For the records that follow, restate each one word for word and leave the images behind.

—————

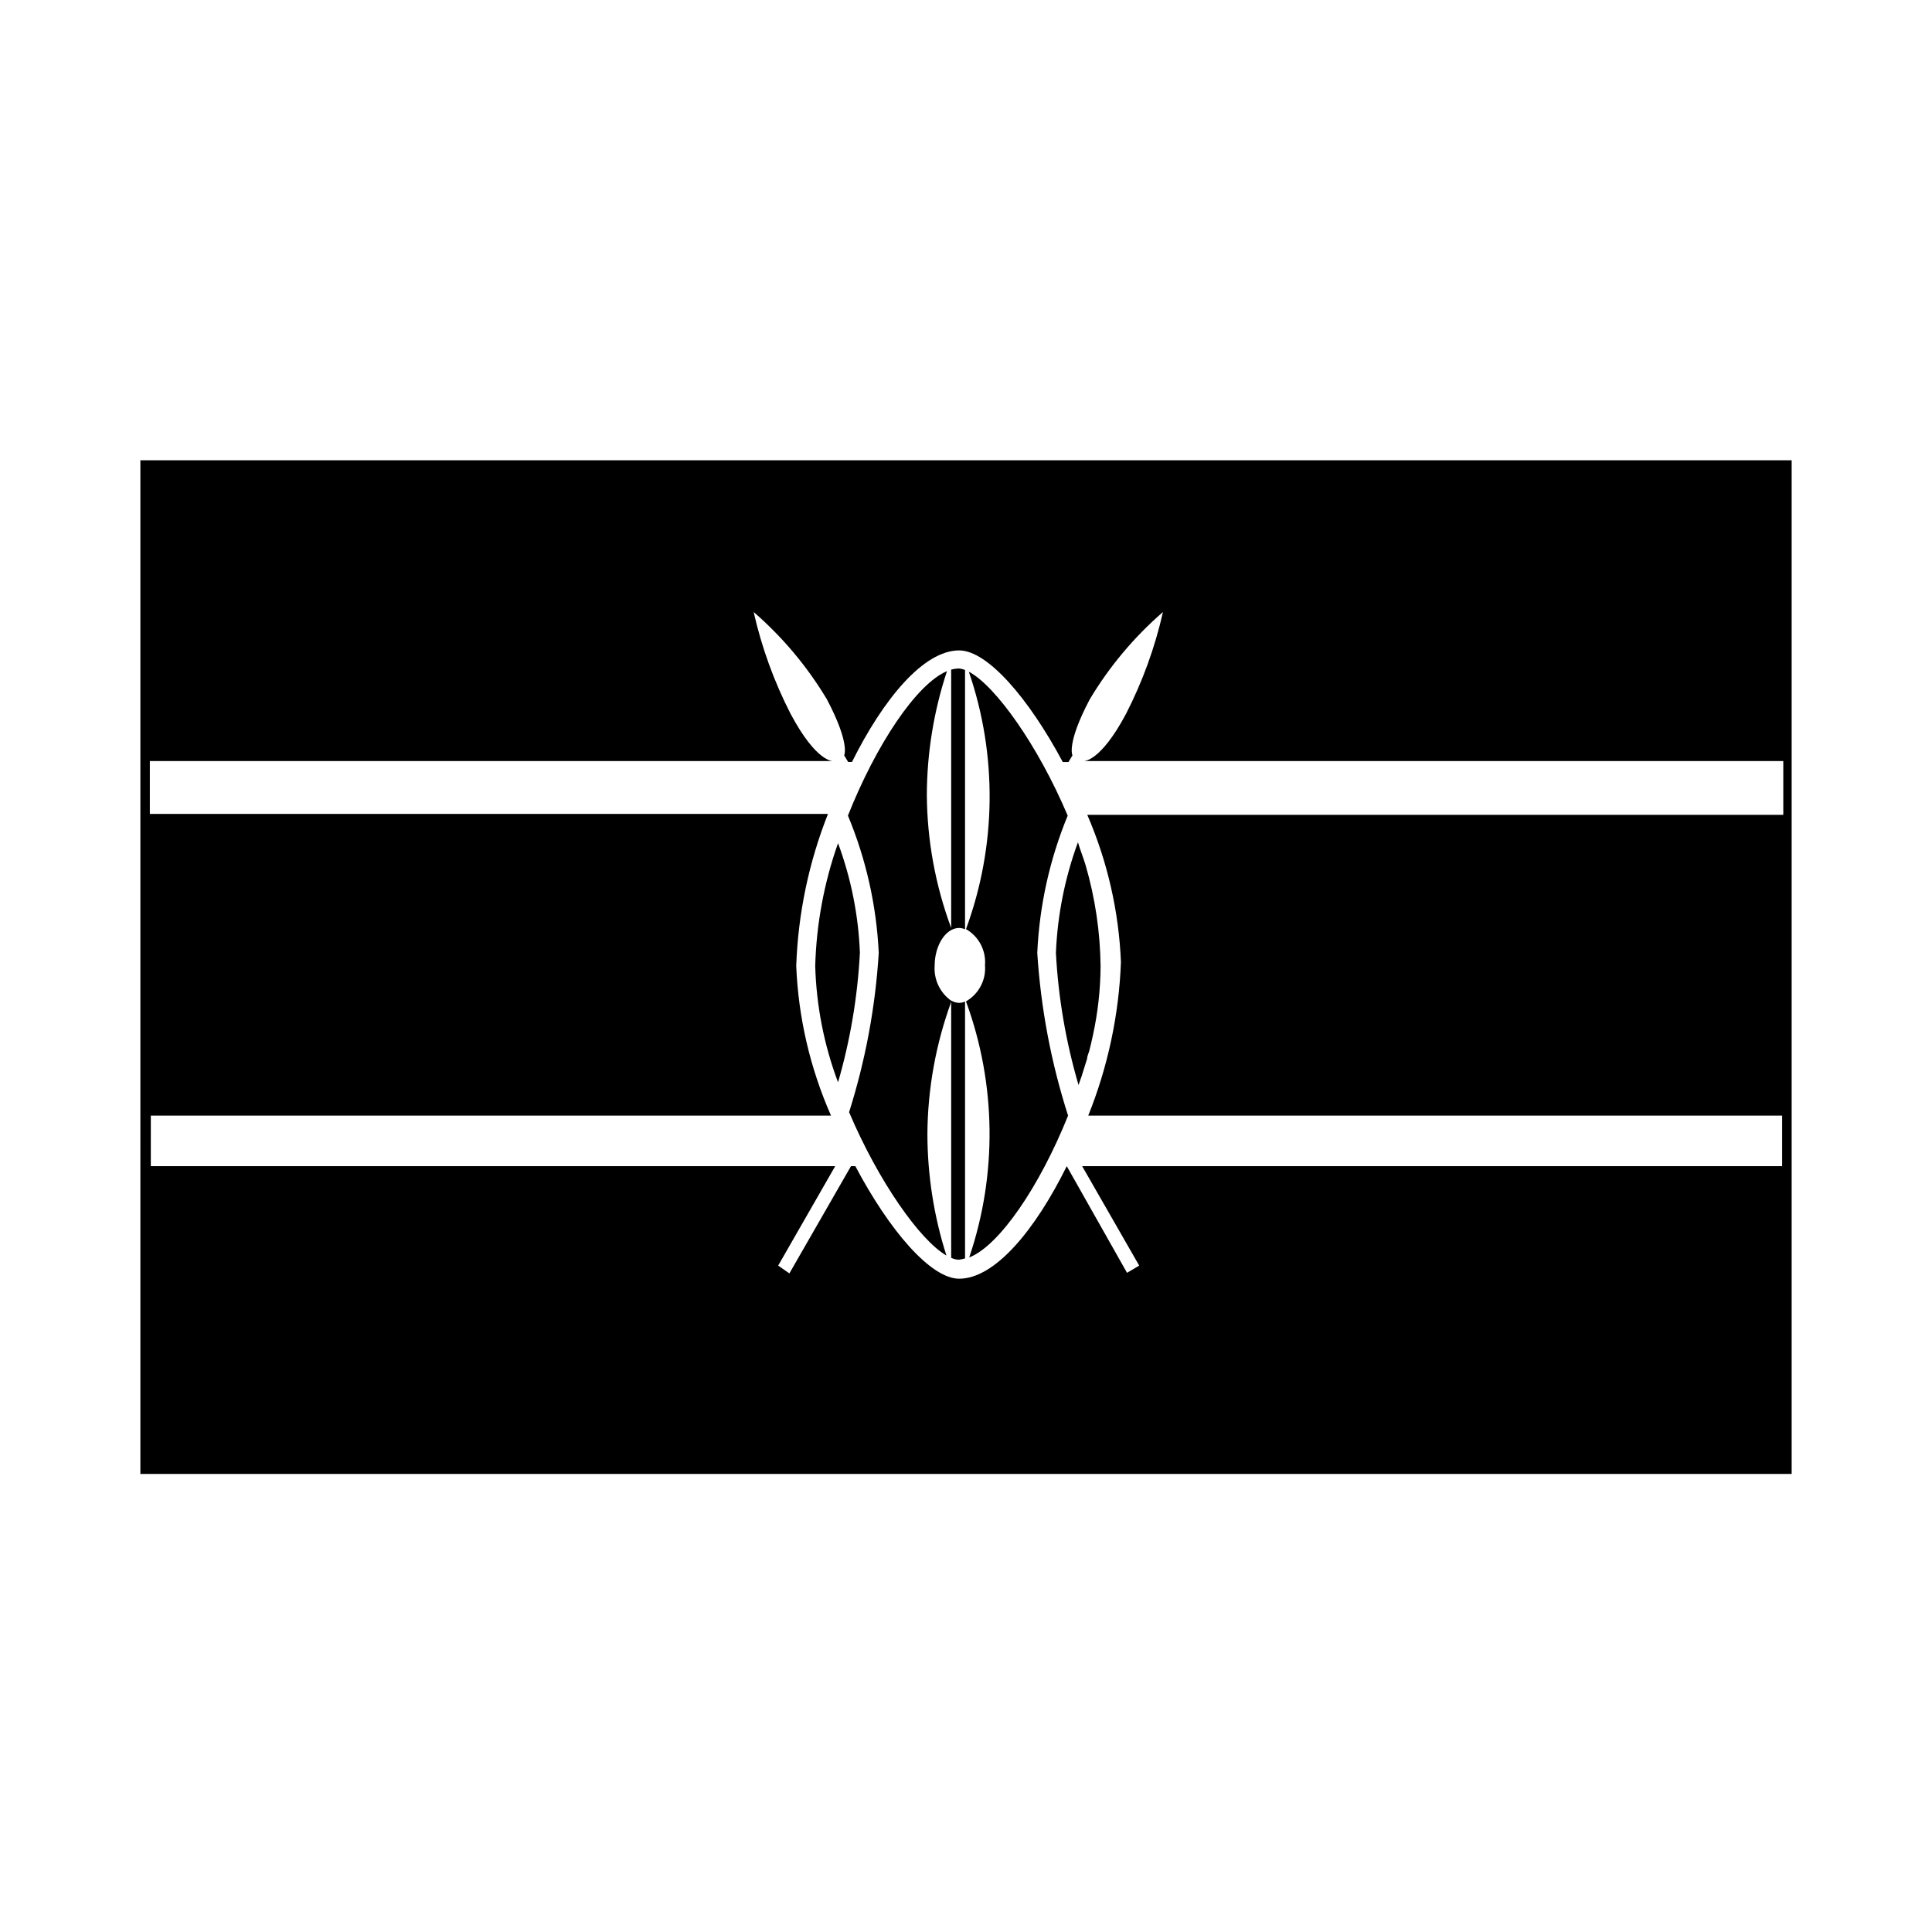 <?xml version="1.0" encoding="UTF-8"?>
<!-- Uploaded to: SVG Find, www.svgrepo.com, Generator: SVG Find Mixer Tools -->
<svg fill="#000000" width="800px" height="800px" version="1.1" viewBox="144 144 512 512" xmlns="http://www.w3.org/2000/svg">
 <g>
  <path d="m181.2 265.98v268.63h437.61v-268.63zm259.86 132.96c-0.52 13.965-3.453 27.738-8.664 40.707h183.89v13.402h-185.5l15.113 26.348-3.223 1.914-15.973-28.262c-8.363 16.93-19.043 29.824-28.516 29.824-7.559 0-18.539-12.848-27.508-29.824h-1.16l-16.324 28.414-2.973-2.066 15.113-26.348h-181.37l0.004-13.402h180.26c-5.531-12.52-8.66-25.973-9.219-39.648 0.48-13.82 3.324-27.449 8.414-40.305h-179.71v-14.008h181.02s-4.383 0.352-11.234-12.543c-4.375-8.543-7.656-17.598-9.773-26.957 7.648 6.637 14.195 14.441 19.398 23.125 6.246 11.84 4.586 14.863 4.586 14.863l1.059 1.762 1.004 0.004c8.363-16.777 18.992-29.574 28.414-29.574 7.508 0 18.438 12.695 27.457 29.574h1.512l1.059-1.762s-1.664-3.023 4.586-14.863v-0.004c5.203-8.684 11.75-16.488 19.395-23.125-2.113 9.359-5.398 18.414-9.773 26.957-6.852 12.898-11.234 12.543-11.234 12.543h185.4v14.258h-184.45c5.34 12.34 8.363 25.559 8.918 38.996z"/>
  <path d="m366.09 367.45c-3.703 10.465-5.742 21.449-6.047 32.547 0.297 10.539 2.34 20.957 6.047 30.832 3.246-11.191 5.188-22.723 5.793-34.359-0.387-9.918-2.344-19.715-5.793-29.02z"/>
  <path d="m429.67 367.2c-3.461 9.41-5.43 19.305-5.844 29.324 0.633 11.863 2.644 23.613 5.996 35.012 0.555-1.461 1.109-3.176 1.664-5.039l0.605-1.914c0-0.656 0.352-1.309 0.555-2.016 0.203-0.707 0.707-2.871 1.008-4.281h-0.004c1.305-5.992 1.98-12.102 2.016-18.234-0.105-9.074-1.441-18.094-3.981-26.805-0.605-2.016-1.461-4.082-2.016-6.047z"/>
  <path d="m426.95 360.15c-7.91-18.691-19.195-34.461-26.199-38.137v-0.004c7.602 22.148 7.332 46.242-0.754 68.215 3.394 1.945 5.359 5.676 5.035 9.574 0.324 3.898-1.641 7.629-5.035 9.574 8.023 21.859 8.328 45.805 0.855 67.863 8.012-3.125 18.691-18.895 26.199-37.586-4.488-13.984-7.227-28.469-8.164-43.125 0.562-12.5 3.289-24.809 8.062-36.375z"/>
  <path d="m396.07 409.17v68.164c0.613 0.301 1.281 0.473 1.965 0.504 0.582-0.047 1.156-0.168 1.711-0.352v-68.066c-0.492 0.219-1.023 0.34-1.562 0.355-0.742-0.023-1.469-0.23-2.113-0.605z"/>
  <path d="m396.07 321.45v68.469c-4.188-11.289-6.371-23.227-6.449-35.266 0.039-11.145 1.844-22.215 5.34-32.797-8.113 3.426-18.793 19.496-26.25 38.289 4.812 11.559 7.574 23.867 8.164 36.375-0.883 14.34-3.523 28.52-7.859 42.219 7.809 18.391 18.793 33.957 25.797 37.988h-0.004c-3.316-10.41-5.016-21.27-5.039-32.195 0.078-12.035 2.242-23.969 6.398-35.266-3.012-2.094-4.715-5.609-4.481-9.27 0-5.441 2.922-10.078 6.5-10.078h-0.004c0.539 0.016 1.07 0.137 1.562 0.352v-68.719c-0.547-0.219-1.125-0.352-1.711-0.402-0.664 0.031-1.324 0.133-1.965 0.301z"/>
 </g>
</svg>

—————

[Answer below]
 <?xml version="1.0" encoding="UTF-8"?>
<!-- Uploaded to: SVG Find, www.svgrepo.com, Generator: SVG Find Mixer Tools -->
<svg fill="#000000" width="800px" height="800px" version="1.1" viewBox="144 144 512 512" xmlns="http://www.w3.org/2000/svg">
 <g>
  <path d="m181.2 265.98v268.63h437.61v-268.63zm259.86 132.96c-0.52 13.965-3.453 27.738-8.664 40.707h183.89v13.402h-185.5l15.113 26.348-3.223 1.914-15.973-28.262c-8.363 16.93-19.043 29.824-28.516 29.824-7.559 0-18.539-12.848-27.508-29.824h-1.16l-16.324 28.414-2.973-2.066 15.113-26.348h-181.37l0.004-13.402h180.26c-5.531-12.52-8.66-25.973-9.219-39.648 0.48-13.82 3.324-27.449 8.414-40.305h-179.71v-14.008h181.02s-4.383 0.352-11.234-12.543c-4.375-8.543-7.656-17.598-9.773-26.957 7.648 6.637 14.195 14.441 19.398 23.125 6.246 11.84 4.586 14.863 4.586 14.863l1.059 1.762 1.004 0.004c8.363-16.777 18.992-29.574 28.414-29.574 7.508 0 18.438 12.695 27.457 29.574h1.512l1.059-1.762s-1.664-3.023 4.586-14.863v-0.004c5.203-8.684 11.75-16.488 19.395-23.125-2.113 9.359-5.398 18.414-9.773 26.957-6.852 12.898-11.234 12.543-11.234 12.543h185.4v14.258h-184.45c5.34 12.34 8.363 25.559 8.918 38.996z"/>
  <path d="m366.09 367.45c-3.703 10.465-5.742 21.449-6.047 32.547 0.297 10.539 2.34 20.957 6.047 30.832 3.246-11.191 5.188-22.723 5.793-34.359-0.387-9.918-2.344-19.715-5.793-29.02z"/>
  <path d="m429.67 367.2c-3.461 9.41-5.43 19.305-5.844 29.324 0.633 11.863 2.644 23.613 5.996 35.012 0.555-1.461 1.109-3.176 1.664-5.039l0.605-1.914c0-0.656 0.352-1.309 0.555-2.016 0.203-0.707 0.707-2.871 1.008-4.281h-0.004c1.305-5.992 1.98-12.102 2.016-18.234-0.105-9.074-1.441-18.094-3.981-26.805-0.605-2.016-1.461-4.082-2.016-6.047z"/>
  <path d="m426.95 360.15c-7.91-18.691-19.195-34.461-26.199-38.137v-0.004c7.602 22.148 7.332 46.242-0.754 68.215 3.394 1.945 5.359 5.676 5.035 9.574 0.324 3.898-1.641 7.629-5.035 9.574 8.023 21.859 8.328 45.805 0.855 67.863 8.012-3.125 18.691-18.895 26.199-37.586-4.488-13.984-7.227-28.469-8.164-43.125 0.562-12.5 3.289-24.809 8.062-36.375z"/>
  <path d="m396.07 409.17v68.164c0.613 0.301 1.281 0.473 1.965 0.504 0.582-0.047 1.156-0.168 1.711-0.352v-68.066c-0.492 0.219-1.023 0.34-1.562 0.355-0.742-0.023-1.469-0.23-2.113-0.605z"/>
  <path d="m396.07 321.45v68.469c-4.188-11.289-6.371-23.227-6.449-35.266 0.039-11.145 1.844-22.215 5.34-32.797-8.113 3.426-18.793 19.496-26.25 38.289 4.812 11.559 7.574 23.867 8.164 36.375-0.883 14.34-3.523 28.52-7.859 42.219 7.809 18.391 18.793 33.957 25.797 37.988h-0.004c-3.316-10.41-5.016-21.27-5.039-32.195 0.078-12.035 2.242-23.969 6.398-35.266-3.012-2.094-4.715-5.609-4.481-9.27 0-5.441 2.922-10.078 6.5-10.078h-0.004c0.539 0.016 1.07 0.137 1.562 0.352v-68.719c-0.547-0.219-1.125-0.352-1.711-0.402-0.664 0.031-1.324 0.133-1.965 0.301z"/>
 </g>
</svg>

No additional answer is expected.